» **The task**: An exact reproduction of all entries is required.

#### Records for the exercise

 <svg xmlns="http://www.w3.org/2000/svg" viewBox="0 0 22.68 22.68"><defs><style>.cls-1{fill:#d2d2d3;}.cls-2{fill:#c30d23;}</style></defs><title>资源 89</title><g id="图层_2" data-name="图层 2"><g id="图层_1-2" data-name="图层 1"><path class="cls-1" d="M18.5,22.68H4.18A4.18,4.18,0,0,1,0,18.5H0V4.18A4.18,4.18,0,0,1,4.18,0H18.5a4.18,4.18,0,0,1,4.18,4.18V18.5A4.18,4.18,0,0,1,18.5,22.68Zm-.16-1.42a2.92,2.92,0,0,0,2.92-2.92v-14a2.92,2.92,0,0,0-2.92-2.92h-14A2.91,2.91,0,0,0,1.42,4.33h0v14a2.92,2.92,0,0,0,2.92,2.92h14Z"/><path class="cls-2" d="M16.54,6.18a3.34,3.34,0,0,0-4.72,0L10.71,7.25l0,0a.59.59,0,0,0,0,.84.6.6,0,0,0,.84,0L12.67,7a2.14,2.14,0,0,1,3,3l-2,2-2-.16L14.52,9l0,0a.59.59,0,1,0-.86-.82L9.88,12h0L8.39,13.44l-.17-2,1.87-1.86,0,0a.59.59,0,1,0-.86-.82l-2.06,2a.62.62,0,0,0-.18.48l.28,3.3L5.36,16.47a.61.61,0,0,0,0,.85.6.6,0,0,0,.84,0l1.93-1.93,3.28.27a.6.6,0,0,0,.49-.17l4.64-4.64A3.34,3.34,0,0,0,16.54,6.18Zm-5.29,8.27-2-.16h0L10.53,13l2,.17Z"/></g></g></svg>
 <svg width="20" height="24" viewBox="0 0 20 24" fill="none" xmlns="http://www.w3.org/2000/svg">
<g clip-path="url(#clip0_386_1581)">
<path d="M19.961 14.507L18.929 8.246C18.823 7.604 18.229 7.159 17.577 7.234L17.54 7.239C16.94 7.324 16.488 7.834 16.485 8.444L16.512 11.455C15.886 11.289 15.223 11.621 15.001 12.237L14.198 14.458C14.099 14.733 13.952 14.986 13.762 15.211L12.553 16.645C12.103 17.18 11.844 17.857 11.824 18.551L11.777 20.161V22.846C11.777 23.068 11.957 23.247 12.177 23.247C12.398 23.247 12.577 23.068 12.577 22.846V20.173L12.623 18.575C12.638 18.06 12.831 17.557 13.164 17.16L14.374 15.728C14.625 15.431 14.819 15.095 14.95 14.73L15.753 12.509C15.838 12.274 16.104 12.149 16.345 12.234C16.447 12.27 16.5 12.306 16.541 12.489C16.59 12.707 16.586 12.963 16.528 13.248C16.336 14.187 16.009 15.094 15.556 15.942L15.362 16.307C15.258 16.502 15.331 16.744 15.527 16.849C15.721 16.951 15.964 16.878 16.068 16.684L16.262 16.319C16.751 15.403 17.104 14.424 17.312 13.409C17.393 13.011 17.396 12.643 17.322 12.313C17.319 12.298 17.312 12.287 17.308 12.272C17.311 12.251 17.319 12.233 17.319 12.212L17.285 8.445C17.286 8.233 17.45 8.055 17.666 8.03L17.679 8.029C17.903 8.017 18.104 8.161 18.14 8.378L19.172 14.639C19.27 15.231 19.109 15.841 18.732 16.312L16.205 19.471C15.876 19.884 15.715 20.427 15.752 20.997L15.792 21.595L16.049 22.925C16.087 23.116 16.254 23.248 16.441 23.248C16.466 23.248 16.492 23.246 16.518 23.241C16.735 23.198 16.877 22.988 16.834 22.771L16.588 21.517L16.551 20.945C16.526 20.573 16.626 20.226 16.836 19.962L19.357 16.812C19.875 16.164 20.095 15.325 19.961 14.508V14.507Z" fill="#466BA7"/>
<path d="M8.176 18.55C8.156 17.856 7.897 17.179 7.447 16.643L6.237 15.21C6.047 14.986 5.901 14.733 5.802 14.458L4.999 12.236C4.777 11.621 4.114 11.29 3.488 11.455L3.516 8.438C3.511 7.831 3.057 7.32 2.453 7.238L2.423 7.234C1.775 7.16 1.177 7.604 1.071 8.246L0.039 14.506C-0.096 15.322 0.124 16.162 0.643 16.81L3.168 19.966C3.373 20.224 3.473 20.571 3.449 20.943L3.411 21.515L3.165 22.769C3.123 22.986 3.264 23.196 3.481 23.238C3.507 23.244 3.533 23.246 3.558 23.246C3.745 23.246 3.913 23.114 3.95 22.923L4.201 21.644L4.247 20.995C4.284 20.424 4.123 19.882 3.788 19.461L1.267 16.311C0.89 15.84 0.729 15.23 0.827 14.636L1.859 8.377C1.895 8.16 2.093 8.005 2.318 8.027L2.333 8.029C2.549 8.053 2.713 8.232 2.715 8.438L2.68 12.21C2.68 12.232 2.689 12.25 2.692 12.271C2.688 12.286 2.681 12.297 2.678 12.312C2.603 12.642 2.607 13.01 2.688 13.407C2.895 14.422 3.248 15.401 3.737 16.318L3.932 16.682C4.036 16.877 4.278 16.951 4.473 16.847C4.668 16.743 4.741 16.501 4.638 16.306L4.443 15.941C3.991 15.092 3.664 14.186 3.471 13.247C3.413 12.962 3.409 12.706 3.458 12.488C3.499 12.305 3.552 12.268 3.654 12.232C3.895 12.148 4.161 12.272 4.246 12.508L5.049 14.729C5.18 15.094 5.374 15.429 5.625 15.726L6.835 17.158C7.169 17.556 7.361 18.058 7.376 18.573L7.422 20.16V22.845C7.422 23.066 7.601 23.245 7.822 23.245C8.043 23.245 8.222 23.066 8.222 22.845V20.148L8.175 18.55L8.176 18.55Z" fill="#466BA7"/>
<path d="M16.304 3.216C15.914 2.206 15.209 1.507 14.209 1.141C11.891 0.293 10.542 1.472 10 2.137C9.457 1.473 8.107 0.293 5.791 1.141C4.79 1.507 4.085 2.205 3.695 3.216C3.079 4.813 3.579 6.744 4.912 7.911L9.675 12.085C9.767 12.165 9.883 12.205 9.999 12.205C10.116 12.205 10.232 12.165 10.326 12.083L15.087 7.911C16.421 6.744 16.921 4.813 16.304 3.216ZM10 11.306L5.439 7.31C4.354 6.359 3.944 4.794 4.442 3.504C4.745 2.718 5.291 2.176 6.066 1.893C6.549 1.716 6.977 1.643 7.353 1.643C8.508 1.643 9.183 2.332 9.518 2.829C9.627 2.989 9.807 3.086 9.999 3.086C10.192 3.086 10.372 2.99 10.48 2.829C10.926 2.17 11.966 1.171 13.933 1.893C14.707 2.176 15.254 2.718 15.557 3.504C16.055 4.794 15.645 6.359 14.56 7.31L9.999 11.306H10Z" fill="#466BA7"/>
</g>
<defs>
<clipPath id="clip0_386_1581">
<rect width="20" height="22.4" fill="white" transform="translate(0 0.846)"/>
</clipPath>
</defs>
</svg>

########

» **Your solution**:
 <svg xmlns="http://www.w3.org/2000/svg" viewBox="0 0 22.68 22.68"><defs><style>.cls-1{fill:#d2d2d3;}.cls-2{fill:#c30d23;}</style></defs><title>资源 89</title><g id="图层_2" data-name="图层 2"><g id="图层_1-2" data-name="图层 1"><path class="cls-1" d="M18.5,22.68H4.18A4.18,4.18,0,0,1,0,18.5H0V4.18A4.18,4.18,0,0,1,4.18,0H18.5a4.18,4.18,0,0,1,4.18,4.18V18.5A4.18,4.18,0,0,1,18.5,22.68Zm-.16-1.42a2.92,2.92,0,0,0,2.92-2.92v-14a2.92,2.92,0,0,0-2.92-2.92h-14A2.91,2.91,0,0,0,1.42,4.33h0v14a2.92,2.92,0,0,0,2.92,2.92h14Z"/><path class="cls-2" d="M16.54,6.18a3.34,3.34,0,0,0-4.72,0L10.71,7.25l0,0a.59.59,0,0,0,0,.84.6.6,0,0,0,.84,0L12.67,7a2.14,2.14,0,0,1,3,3l-2,2-2-.16L14.52,9l0,0a.59.59,0,1,0-.86-.82L9.88,12h0L8.39,13.44l-.17-2,1.87-1.86,0,0a.59.59,0,1,0-.86-.82l-2.06,2a.62.62,0,0,0-.18.48l.28,3.3L5.36,16.47a.61.61,0,0,0,0,.85.6.6,0,0,0,.84,0l1.93-1.93,3.28.27a.6.6,0,0,0,.49-.17l4.64-4.64A3.34,3.34,0,0,0,16.54,6.18Zm-5.29,8.27-2-.16h0L10.53,13l2,.17Z"/></g></g></svg>
 <svg width="20" height="24" viewBox="0 0 20 24" fill="none" xmlns="http://www.w3.org/2000/svg">
<g clip-path="url(#clip0_386_1581)">
<path d="M19.961 14.507L18.929 8.246C18.823 7.604 18.229 7.159 17.577 7.234L17.54 7.239C16.94 7.324 16.488 7.834 16.485 8.444L16.512 11.455C15.886 11.289 15.223 11.621 15.001 12.237L14.198 14.458C14.099 14.733 13.952 14.986 13.762 15.211L12.553 16.645C12.103 17.18 11.844 17.857 11.824 18.551L11.777 20.161V22.846C11.777 23.068 11.957 23.247 12.177 23.247C12.398 23.247 12.577 23.068 12.577 22.846V20.173L12.623 18.575C12.638 18.06 12.831 17.557 13.164 17.16L14.374 15.728C14.625 15.431 14.819 15.095 14.95 14.73L15.753 12.509C15.838 12.274 16.104 12.149 16.345 12.234C16.447 12.27 16.5 12.306 16.541 12.489C16.59 12.707 16.586 12.963 16.528 13.248C16.336 14.187 16.009 15.094 15.556 15.942L15.362 16.307C15.258 16.502 15.331 16.744 15.527 16.849C15.721 16.951 15.964 16.878 16.068 16.684L16.262 16.319C16.751 15.403 17.104 14.424 17.312 13.409C17.393 13.011 17.396 12.643 17.322 12.313C17.319 12.298 17.312 12.287 17.308 12.272C17.311 12.251 17.319 12.233 17.319 12.212L17.285 8.445C17.286 8.233 17.45 8.055 17.666 8.03L17.679 8.029C17.903 8.017 18.104 8.161 18.14 8.378L19.172 14.639C19.27 15.231 19.109 15.841 18.732 16.312L16.205 19.471C15.876 19.884 15.715 20.427 15.752 20.997L15.792 21.595L16.049 22.925C16.087 23.116 16.254 23.248 16.441 23.248C16.466 23.248 16.492 23.246 16.518 23.241C16.735 23.198 16.877 22.988 16.834 22.771L16.588 21.517L16.551 20.945C16.526 20.573 16.626 20.226 16.836 19.962L19.357 16.812C19.875 16.164 20.095 15.325 19.961 14.508V14.507Z" fill="#466BA7"/>
<path d="M8.176 18.55C8.156 17.856 7.897 17.179 7.447 16.643L6.237 15.21C6.047 14.986 5.901 14.733 5.802 14.458L4.999 12.236C4.777 11.621 4.114 11.29 3.488 11.455L3.516 8.438C3.511 7.831 3.057 7.32 2.453 7.238L2.423 7.234C1.775 7.16 1.177 7.604 1.071 8.246L0.039 14.506C-0.096 15.322 0.124 16.162 0.643 16.81L3.168 19.966C3.373 20.224 3.473 20.571 3.449 20.943L3.411 21.515L3.165 22.769C3.123 22.986 3.264 23.196 3.481 23.238C3.507 23.244 3.533 23.246 3.558 23.246C3.745 23.246 3.913 23.114 3.95 22.923L4.201 21.644L4.247 20.995C4.284 20.424 4.123 19.882 3.788 19.461L1.267 16.311C0.89 15.84 0.729 15.23 0.827 14.636L1.859 8.377C1.895 8.16 2.093 8.005 2.318 8.027L2.333 8.029C2.549 8.053 2.713 8.232 2.715 8.438L2.68 12.21C2.68 12.232 2.689 12.25 2.692 12.271C2.688 12.286 2.681 12.297 2.678 12.312C2.603 12.642 2.607 13.01 2.688 13.407C2.895 14.422 3.248 15.401 3.737 16.318L3.932 16.682C4.036 16.877 4.278 16.951 4.473 16.847C4.668 16.743 4.741 16.501 4.638 16.306L4.443 15.941C3.991 15.092 3.664 14.186 3.471 13.247C3.413 12.962 3.409 12.706 3.458 12.488C3.499 12.305 3.552 12.268 3.654 12.232C3.895 12.148 4.161 12.272 4.246 12.508L5.049 14.729C5.18 15.094 5.374 15.429 5.625 15.726L6.835 17.158C7.169 17.556 7.361 18.058 7.376 18.573L7.422 20.16V22.845C7.422 23.066 7.601 23.245 7.822 23.245C8.043 23.245 8.222 23.066 8.222 22.845V20.148L8.175 18.55L8.176 18.55Z" fill="#466BA7"/>
<path d="M16.304 3.216C15.914 2.206 15.209 1.507 14.209 1.141C11.891 0.293 10.542 1.472 10 2.137C9.457 1.473 8.107 0.293 5.791 1.141C4.79 1.507 4.085 2.205 3.695 3.216C3.079 4.813 3.579 6.744 4.912 7.911L9.675 12.085C9.767 12.165 9.883 12.205 9.999 12.205C10.116 12.205 10.232 12.165 10.326 12.083L15.087 7.911C16.421 6.744 16.921 4.813 16.304 3.216ZM10 11.306L5.439 7.31C4.354 6.359 3.944 4.794 4.442 3.504C4.745 2.718 5.291 2.176 6.066 1.893C6.549 1.716 6.977 1.643 7.353 1.643C8.508 1.643 9.183 2.332 9.518 2.829C9.627 2.989 9.807 3.086 9.999 3.086C10.192 3.086 10.372 2.99 10.48 2.829C10.926 2.17 11.966 1.171 13.933 1.893C14.707 2.176 15.254 2.718 15.557 3.504C16.055 4.794 15.645 6.359 14.56 7.31L9.999 11.306H10Z" fill="#466BA7"/>
</g>
<defs>
<clipPath id="clip0_386_1581">
<rect width="20" height="22.4" fill="white" transform="translate(0 0.846)"/>
</clipPath>
</defs>
</svg>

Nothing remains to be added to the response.